Patients have an increased interest in the use of nutritional supplements, but there is a lack of scientific knowledge and guidelines on this field.
Future research is therefore focusing on studying micronutrient deficiencies in PAH patients and the effect of correcting deficiencies by nutritional
supplementation.
This is a collaborative study between the University Clinic of Cardiology, Heart Center Leipzig (Germany), the Erasmus Medical Center, Rotterdam (the
Netherlands), Actelion Pharmaceuticals (the Netherlands) and Wageningen University (the Netherlands).

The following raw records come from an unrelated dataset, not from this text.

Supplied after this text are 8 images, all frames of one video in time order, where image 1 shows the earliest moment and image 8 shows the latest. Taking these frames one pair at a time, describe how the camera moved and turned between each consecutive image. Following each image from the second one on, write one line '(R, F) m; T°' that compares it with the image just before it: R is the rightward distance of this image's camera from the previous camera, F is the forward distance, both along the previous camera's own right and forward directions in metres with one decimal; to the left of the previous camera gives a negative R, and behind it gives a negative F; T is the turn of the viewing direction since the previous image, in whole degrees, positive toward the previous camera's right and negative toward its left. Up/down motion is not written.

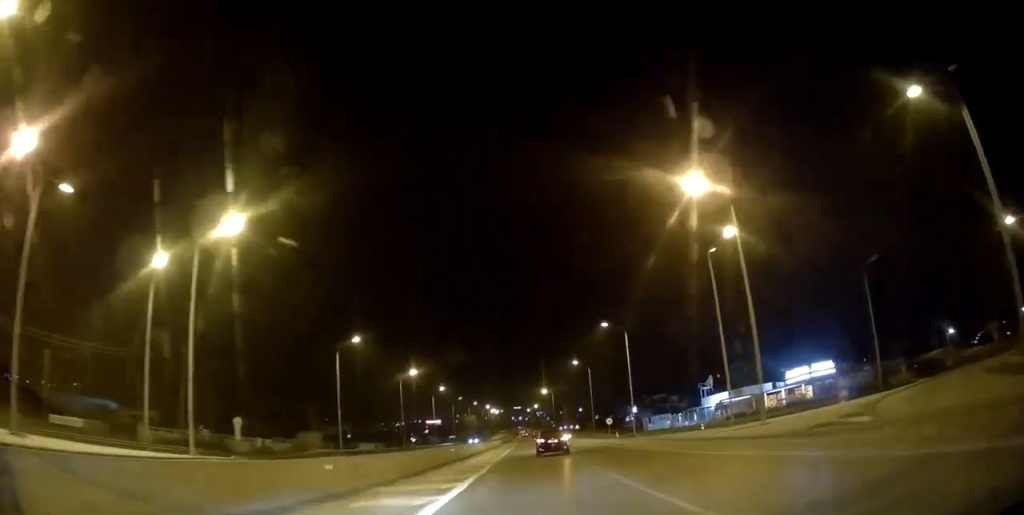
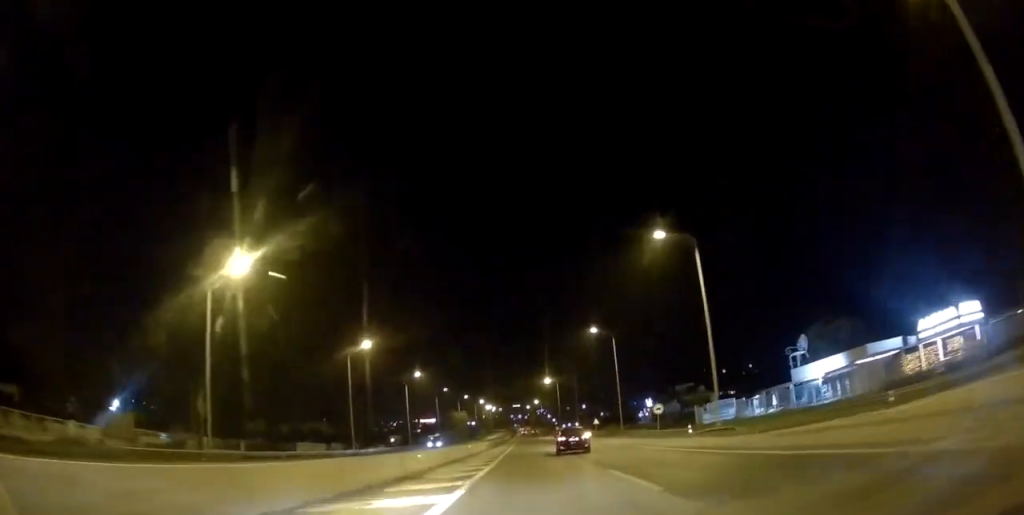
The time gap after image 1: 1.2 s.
(+0.1, +30.7) m; 0°
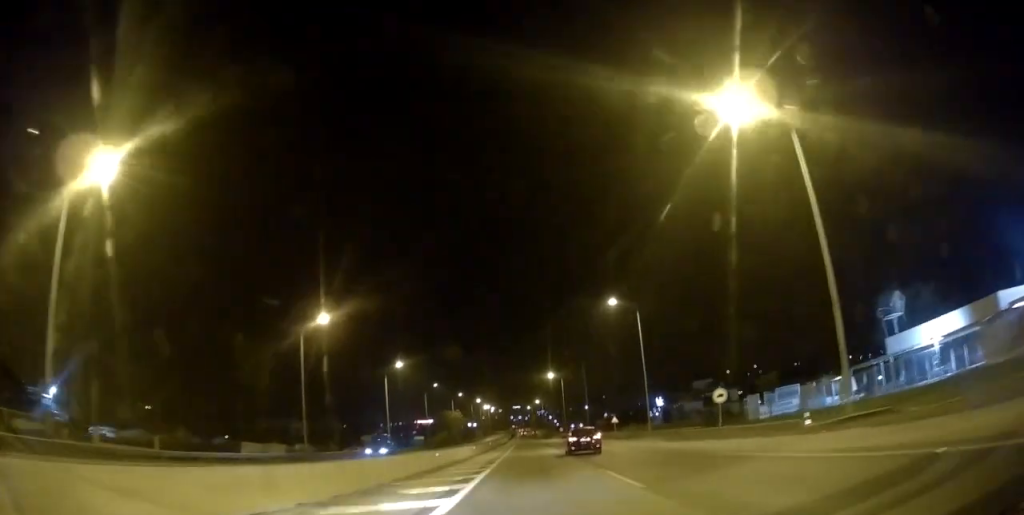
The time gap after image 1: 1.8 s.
(+0.2, +16.4) m; -1°
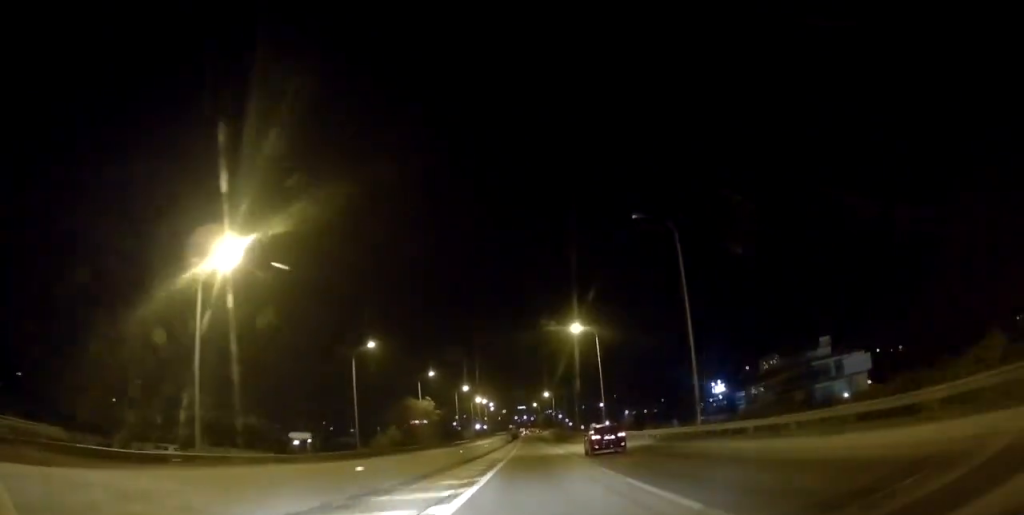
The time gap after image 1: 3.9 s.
(-1.5, +58.5) m; -1°
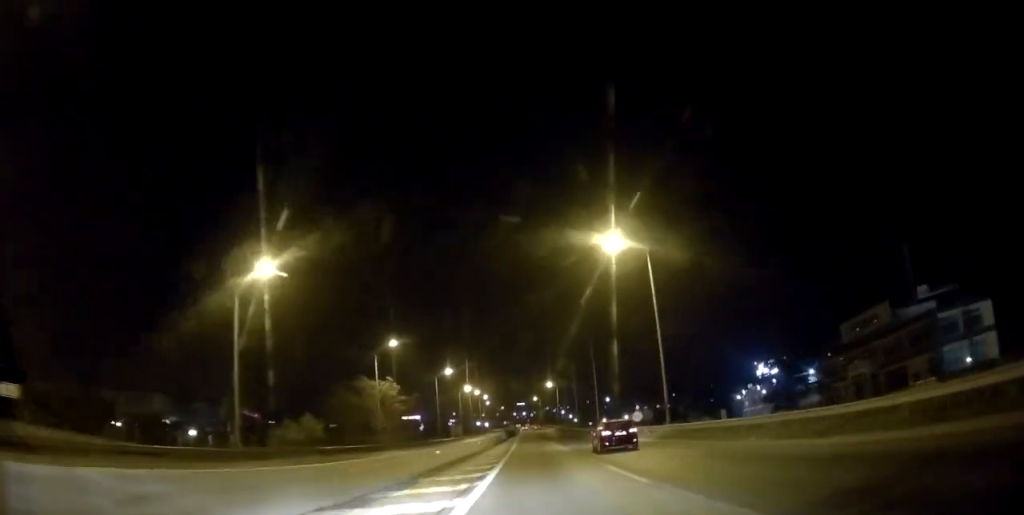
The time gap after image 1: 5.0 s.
(+0.5, +32.2) m; 0°
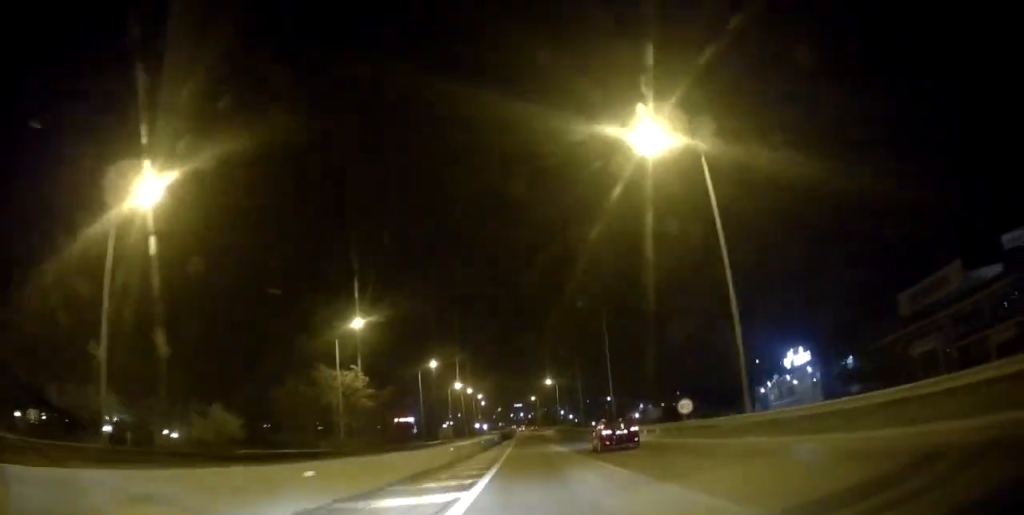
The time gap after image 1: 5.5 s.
(-0.3, +15.1) m; 0°
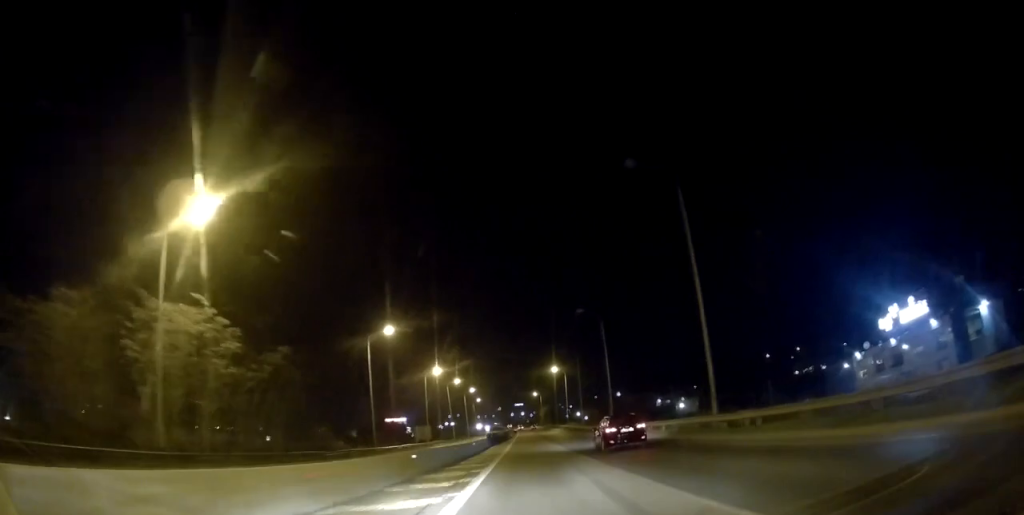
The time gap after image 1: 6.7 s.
(+0.2, +32.2) m; +1°
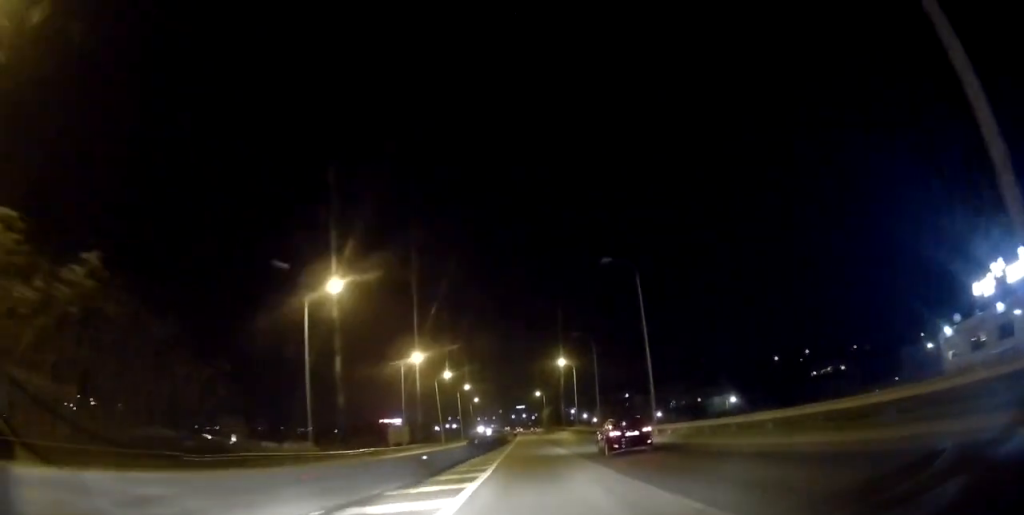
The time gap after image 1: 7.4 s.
(+0.1, +20.2) m; 0°
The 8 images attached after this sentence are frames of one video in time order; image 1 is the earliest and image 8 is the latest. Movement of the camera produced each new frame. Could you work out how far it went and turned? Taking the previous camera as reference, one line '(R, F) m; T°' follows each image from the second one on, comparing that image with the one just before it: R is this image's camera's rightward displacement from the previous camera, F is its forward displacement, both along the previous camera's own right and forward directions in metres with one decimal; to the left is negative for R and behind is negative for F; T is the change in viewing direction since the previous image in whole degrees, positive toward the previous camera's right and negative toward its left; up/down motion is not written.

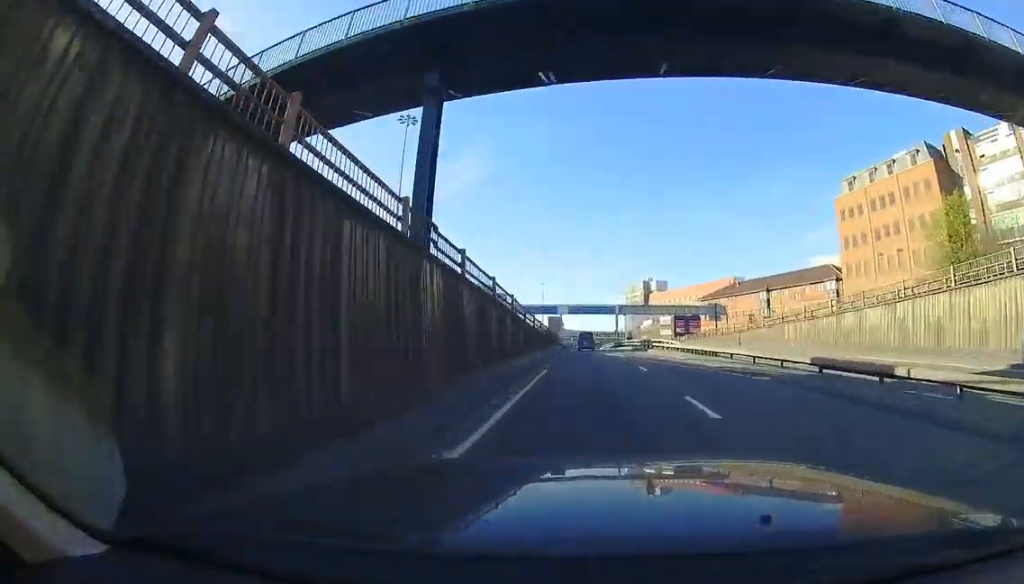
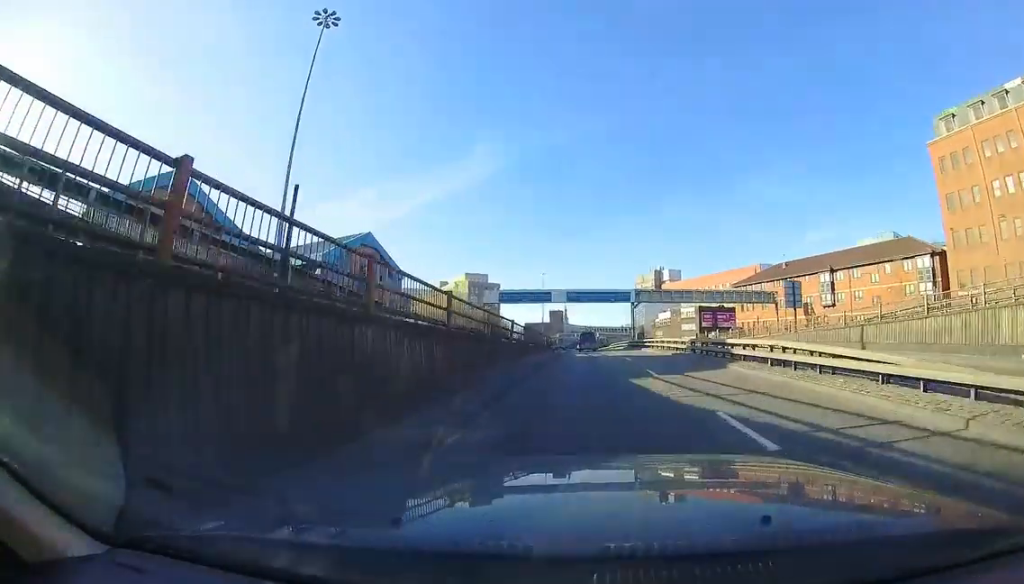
(0.0, +18.2) m; 0°
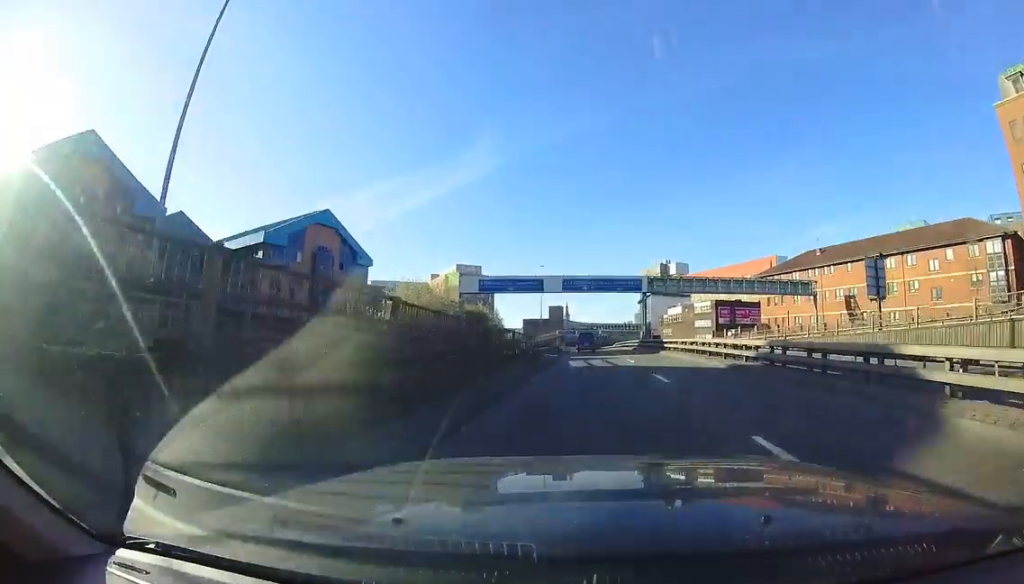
(0.0, +9.7) m; 0°
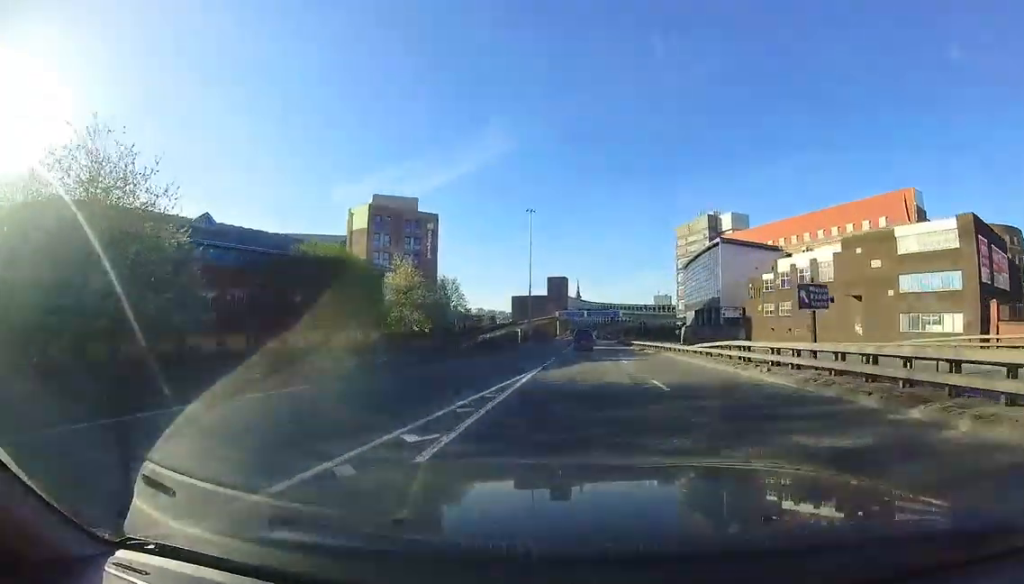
(-1.4, +51.3) m; -2°
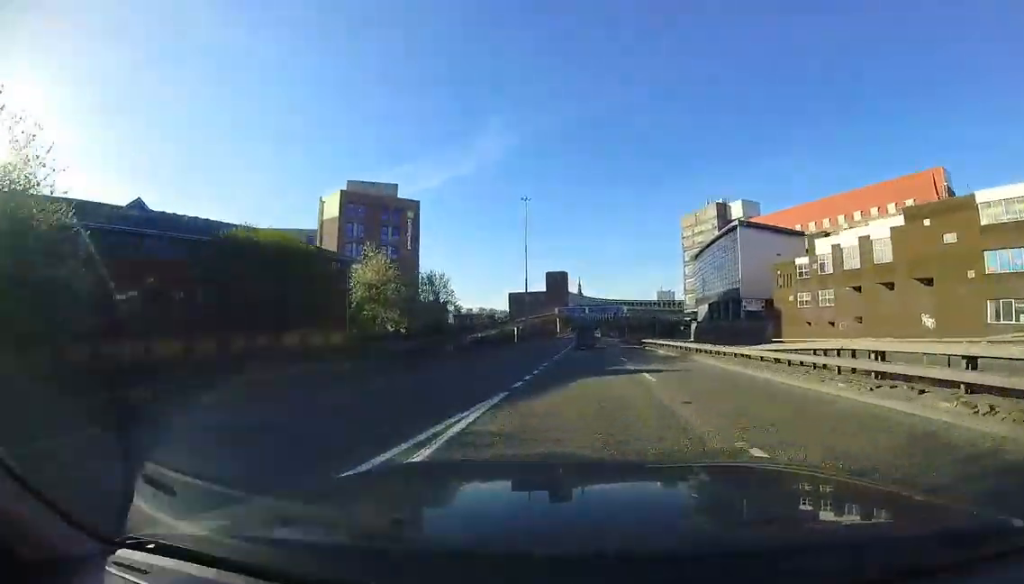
(0.0, +7.8) m; 0°
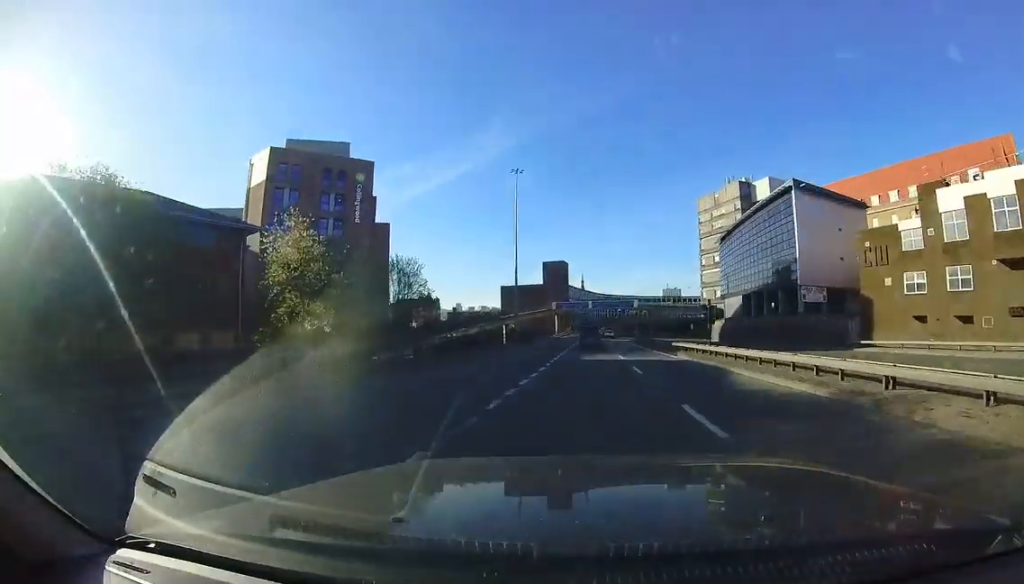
(-0.1, +15.1) m; +1°
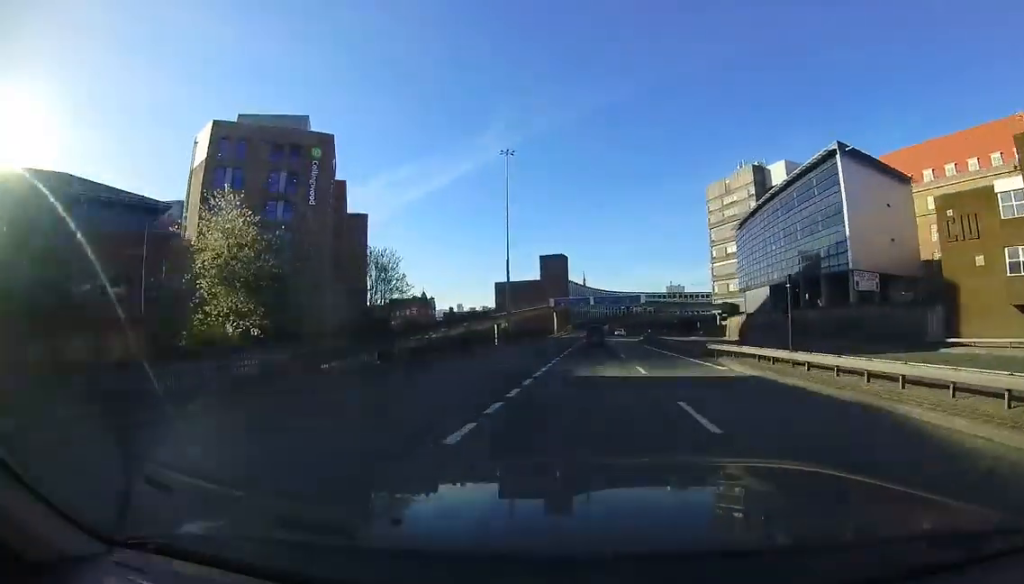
(+0.3, +8.6) m; 0°
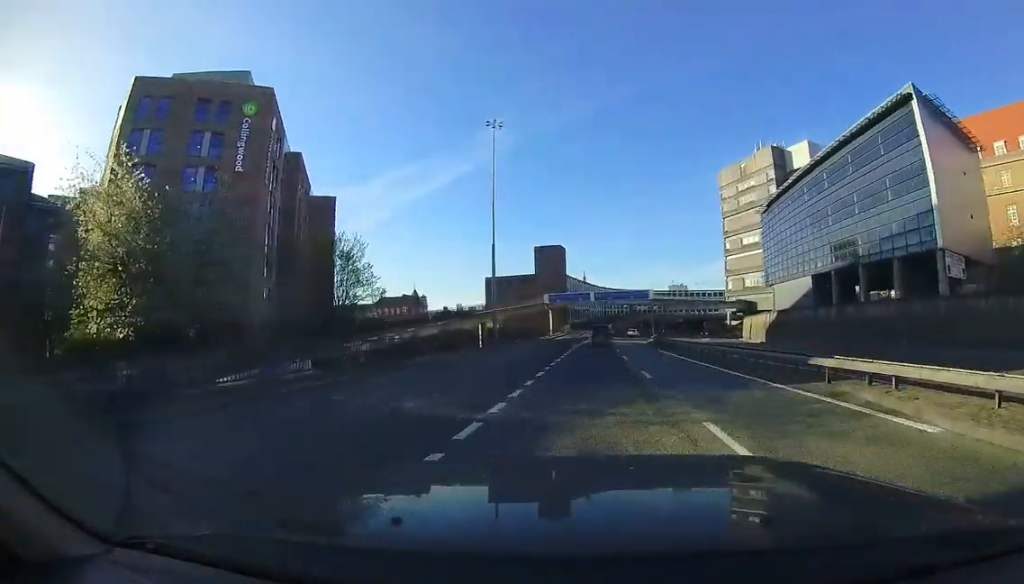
(+0.2, +9.9) m; 0°

Nutritional intervention in a mouse model of pulmonary hypertension and cardiac cachexia Cardiac cachexia is characterized by ventricular remodeling
that is associated with skeletal muscle wasting. Cardiac cachexia is occurring as a consequence of pulmonary hypertension. However, therapeutic
strategies that target both cardiac and skeletal muscle in order to prevent maladaptations remain sparse. In recent studies, we supplied a standard
chow supplemented with high protein, leucine, fish oil and oligosaccharides, to determine whether cardiac and skeletal muscle remodeling could be
attenuated during cardiac cachexia in a mouse model of pulmonary hypertension. The results showed that this multi-target nutritional intervention
significantly attenuated both right ventricular and skeletal muscle maladaptations.
Future studies are focusing on the effect of nutritional intervention with and without exercise training on cardiac and skeletal muscle in the same
animal model.
This is a collaborative study between the University Clinic of Cardiology, Heart Center Leipzig (Germany) and Wageningen University (the Netherlands).